The future of many rural communities in the Canadian prairies, particularly in southern Saskatchewan and Manitoba, is in question. Continually increasing farm size, and concurrent urbanization since the 1950s, has resulted in fewer people living in rural areas. Communities struggle to keep viable institutions (eg hospitals, schools, post offices) and businesses (eg hardware stores, gas stations, grocery stores). This study was a follow up to one that employed focus groups to obtain rural resident perceptions of rural, community, wellbeing, and health in southwestern Manitoba. The study reported on here argued that the specific views of healthcare managers were necessary to further illustrate the complexities in understanding definitions of community and condition. The results are consistent with previous research on this topic in southern Manitoba13,21 and the recent literature in that there are no universally accepted definitions of rural2,3, community30, wellbeing19,31, or health10,11,19. Further, the study illustrated that professionals charged with managing healthcare services in rural Manitoba maintain very broad definitions of health and wellbeing. Most significantly, the determinants of health and wellbeing were central to defining individual and community condition and quality of life. To reiterate, the views of healthcare manager are important because these are ‘the’ individuals responsible for making decisions that will contribute to healthier rural communities.

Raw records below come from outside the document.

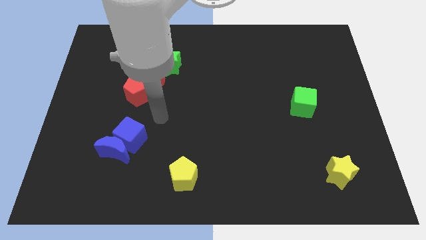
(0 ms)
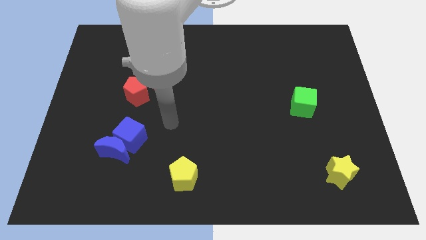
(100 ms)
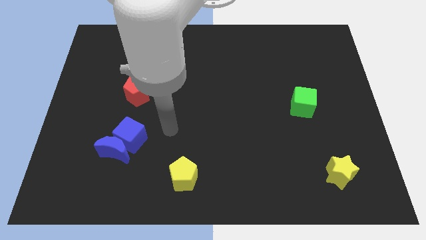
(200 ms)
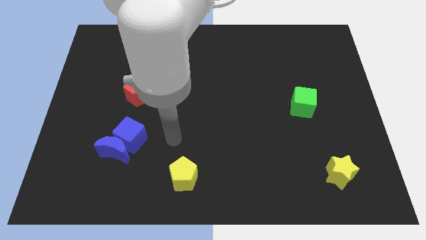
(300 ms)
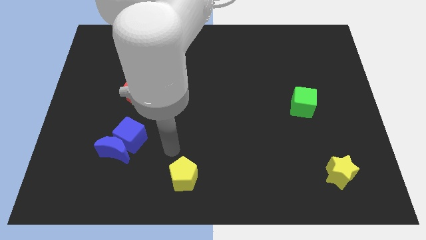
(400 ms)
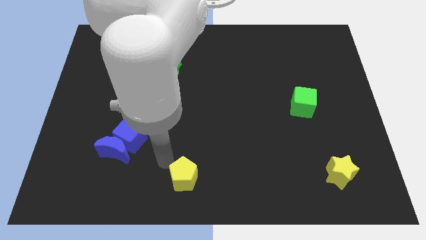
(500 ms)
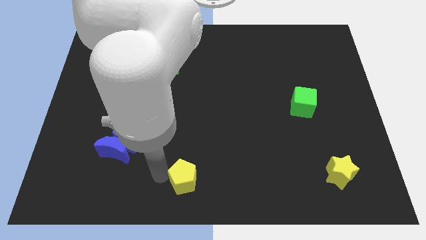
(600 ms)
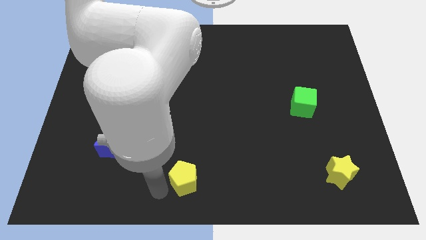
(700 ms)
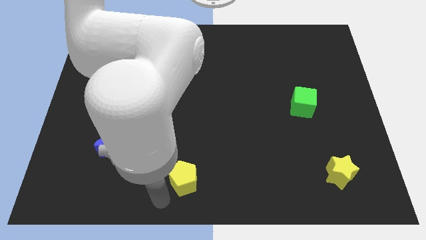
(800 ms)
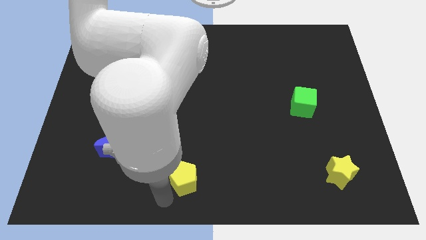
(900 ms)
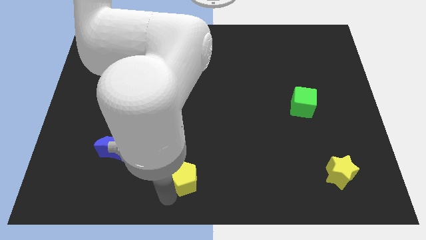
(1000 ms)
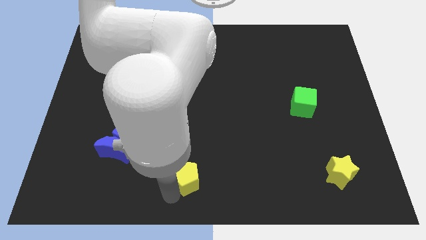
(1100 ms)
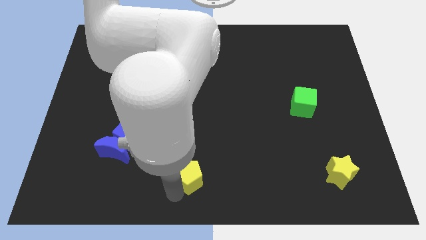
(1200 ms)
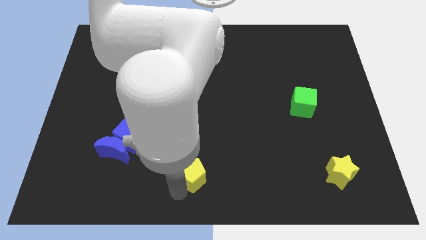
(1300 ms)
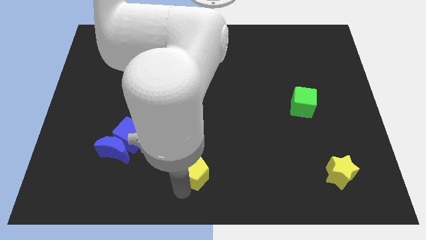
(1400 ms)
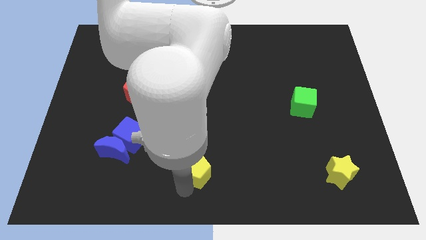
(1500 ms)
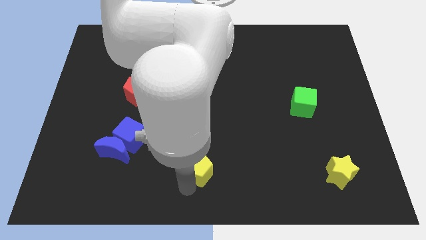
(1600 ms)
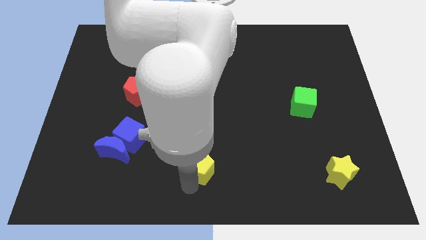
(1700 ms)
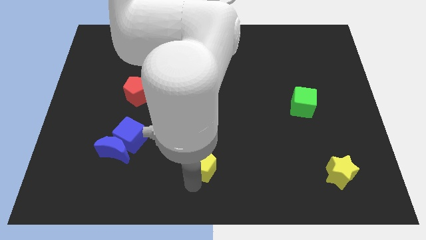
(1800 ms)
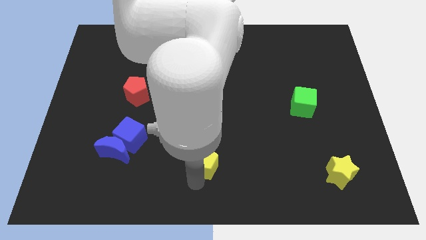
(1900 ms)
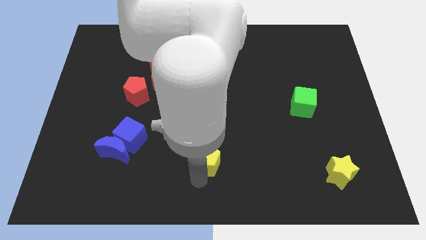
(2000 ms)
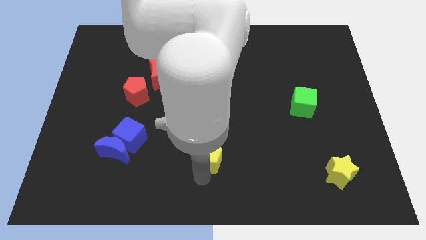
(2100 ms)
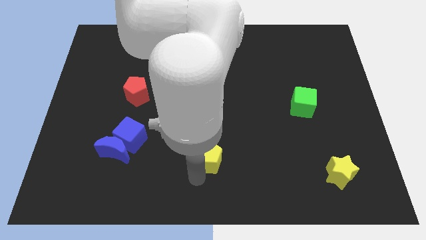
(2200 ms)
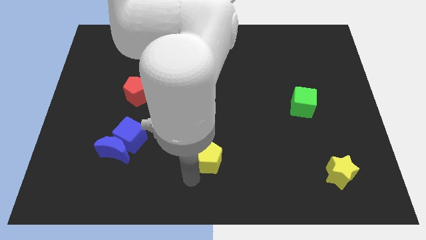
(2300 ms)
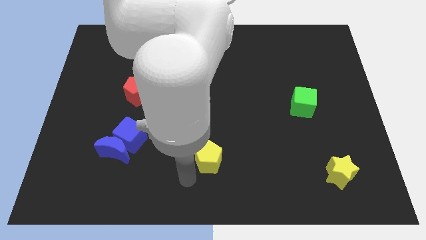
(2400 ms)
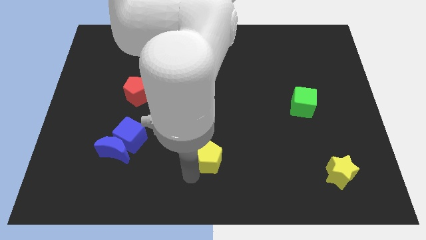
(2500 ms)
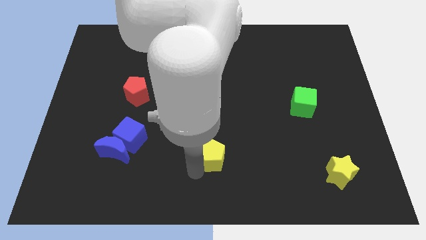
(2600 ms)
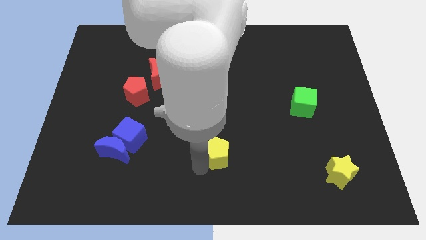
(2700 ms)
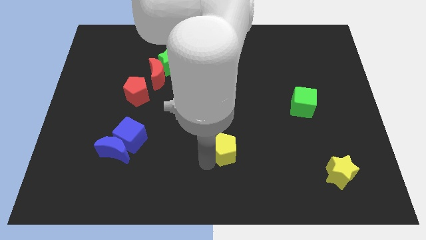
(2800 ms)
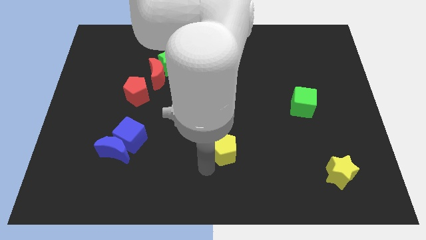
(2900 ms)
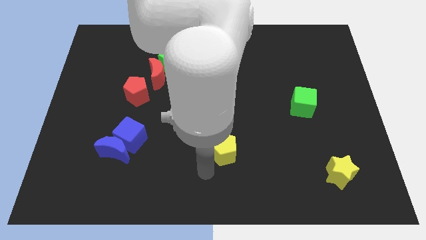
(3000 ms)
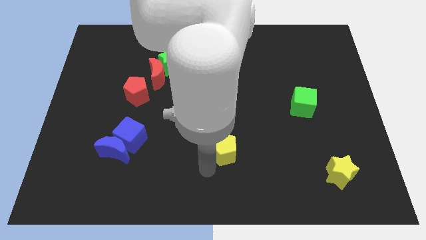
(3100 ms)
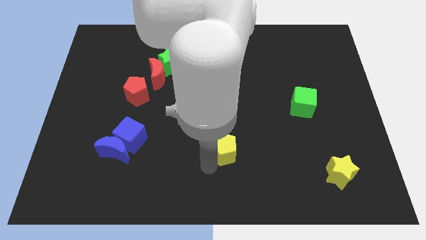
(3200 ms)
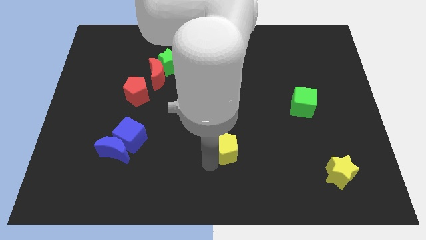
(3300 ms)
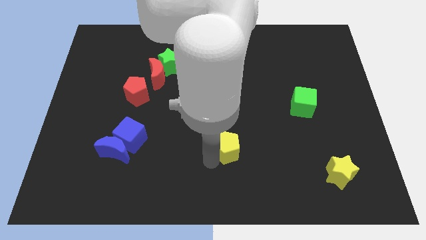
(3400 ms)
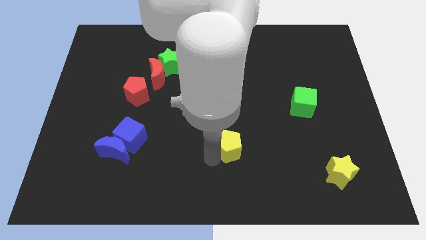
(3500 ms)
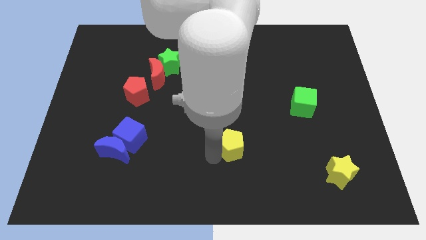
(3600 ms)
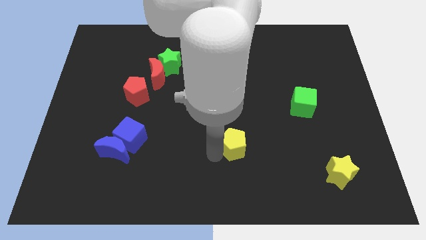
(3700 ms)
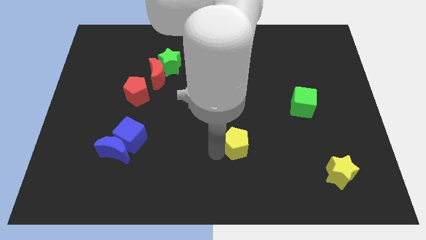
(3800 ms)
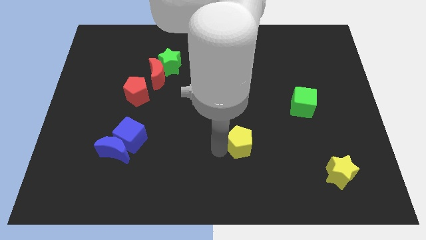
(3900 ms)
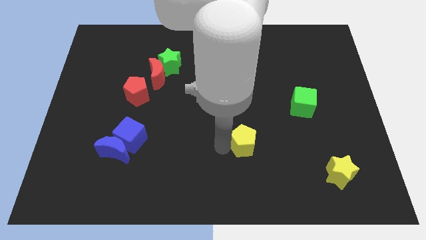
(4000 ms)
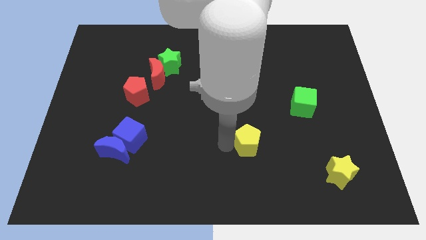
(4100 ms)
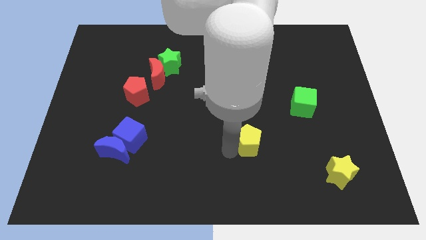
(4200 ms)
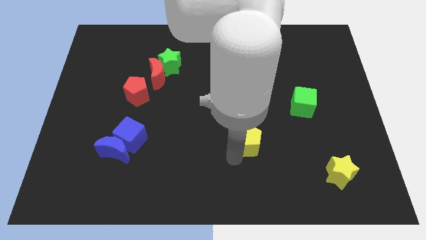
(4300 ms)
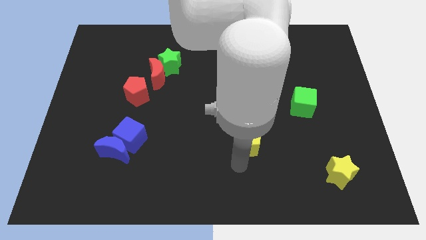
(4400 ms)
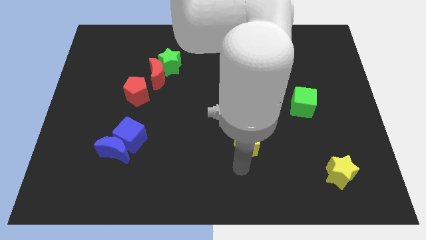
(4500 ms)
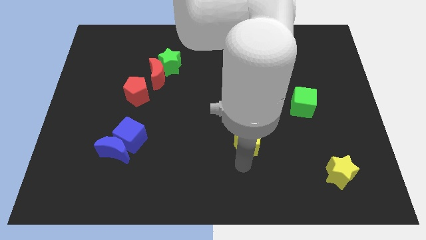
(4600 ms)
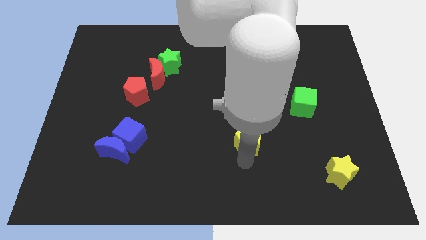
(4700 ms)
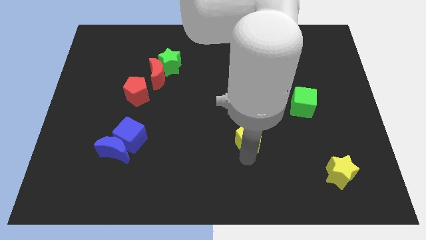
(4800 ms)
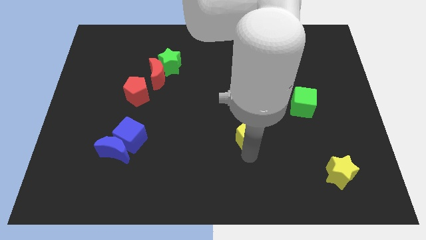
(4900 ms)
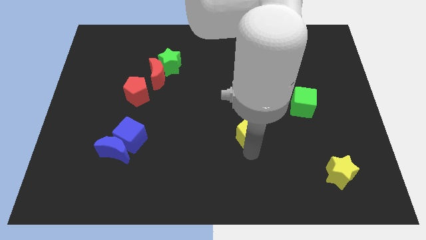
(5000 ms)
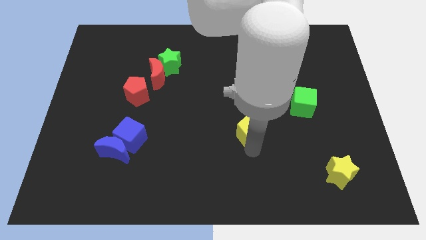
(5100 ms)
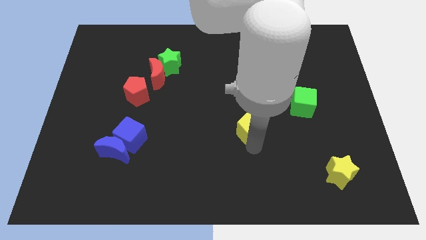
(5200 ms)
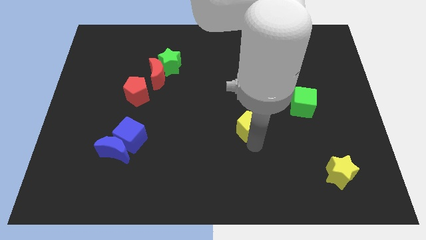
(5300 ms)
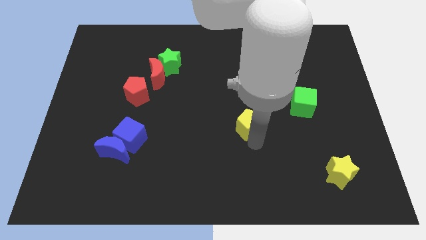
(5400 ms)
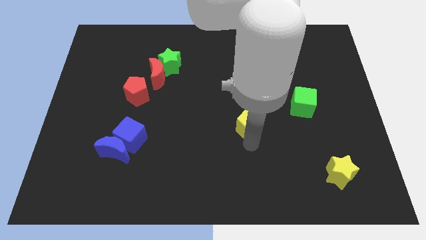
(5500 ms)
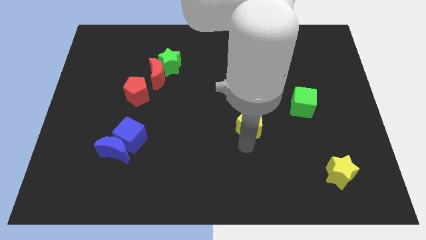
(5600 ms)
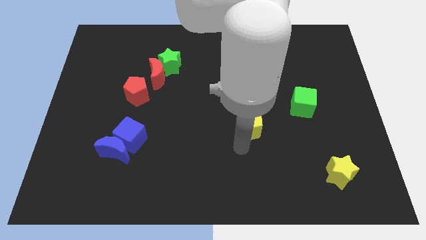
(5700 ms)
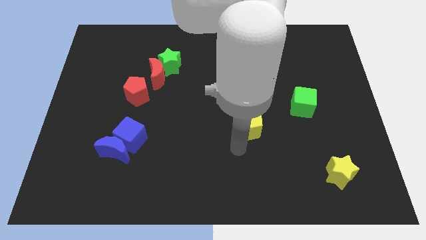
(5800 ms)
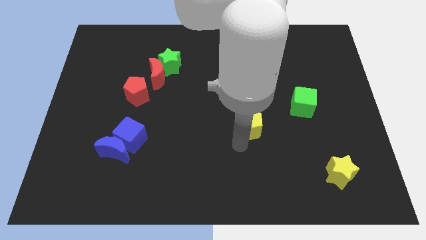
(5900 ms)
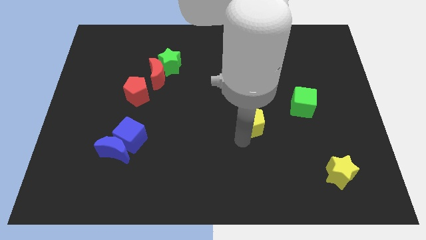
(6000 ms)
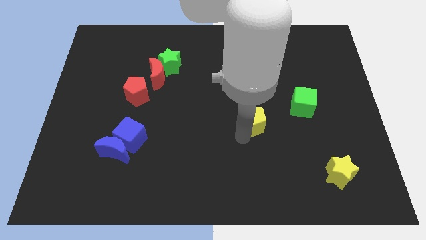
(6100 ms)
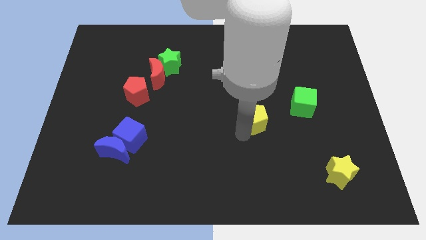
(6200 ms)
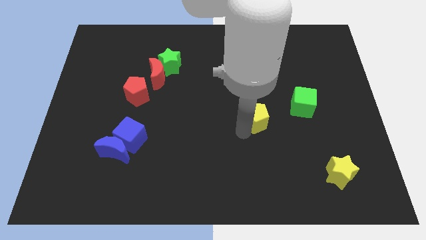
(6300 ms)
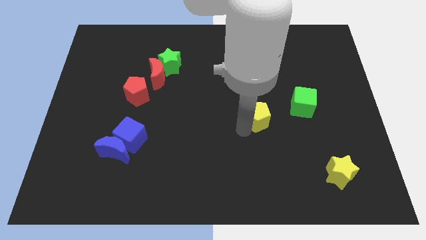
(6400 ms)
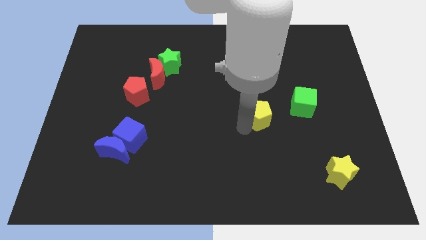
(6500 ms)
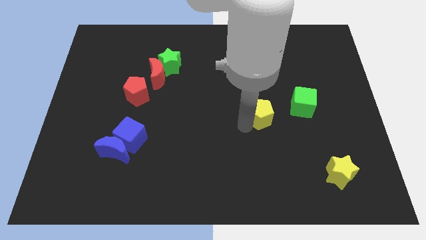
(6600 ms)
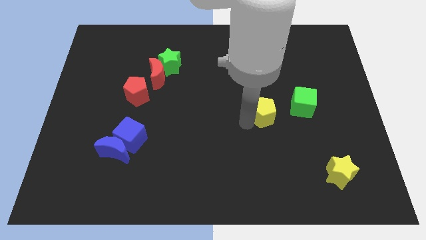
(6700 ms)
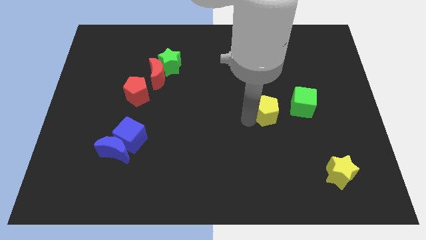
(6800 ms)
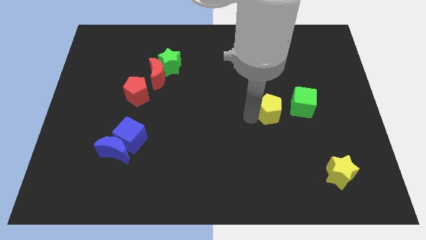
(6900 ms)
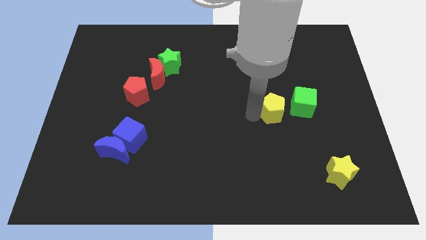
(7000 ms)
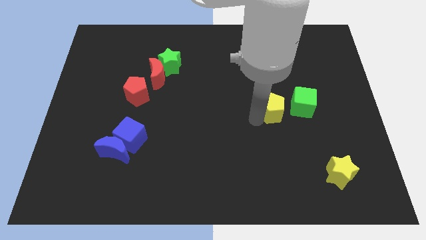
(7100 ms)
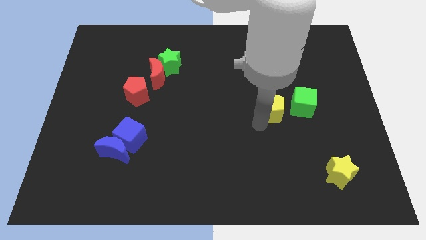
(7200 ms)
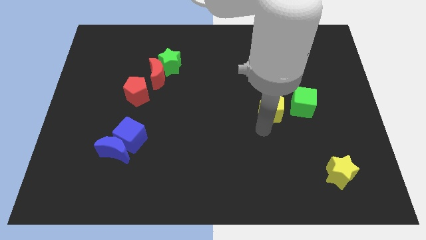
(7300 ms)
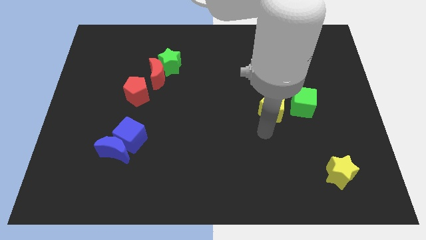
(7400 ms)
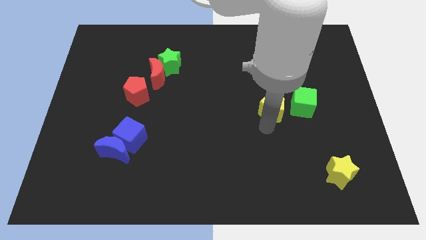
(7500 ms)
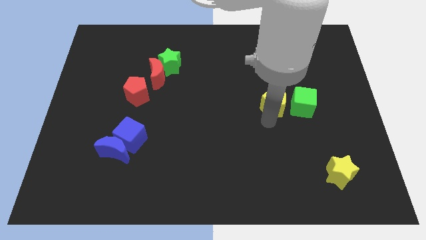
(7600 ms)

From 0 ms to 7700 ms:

In returning to the title ‘Perimeteritis and Rural Health’, Manitoba is not unique. Examples can be found around the world, including the M25 around London, England, the outer perimeter highway of Atlanta, Georgia, and the North Perimeter Freeway around Perth, Australia. Healthcare issues, including healthcare delivery, certainly vary between metropolitan centres and their rural surroundings. What is perhaps unique in Manitoba is to have one city so dominant in population, and thus in services provided. This research has illustrated that living outside of Winnipeg has an impact on how people perceive boundaries, connections, health, and wellbeing. Because of these differences, understanding the issues and solutions also vary. This topic has been addressed in other Canadian jurisdictions32. A future extension of the research reported on in this article would be to conduct a direct comparison between urban and rural healthcare managers, healthcare practitioners and/or citizens concerned about healthcare services and delivery. That is, there are health issues distinct to rural areas. For example, there are challenges to providing services in depopulating regions and addressing individual and community health concerns specific to rural issues such as environmental change and condition. Responses to such challenges vary from cooperation between communities to merge their two small healthcare facilities into one larger, full-service facility, to the closure of rural health care facilities and demands to centralize.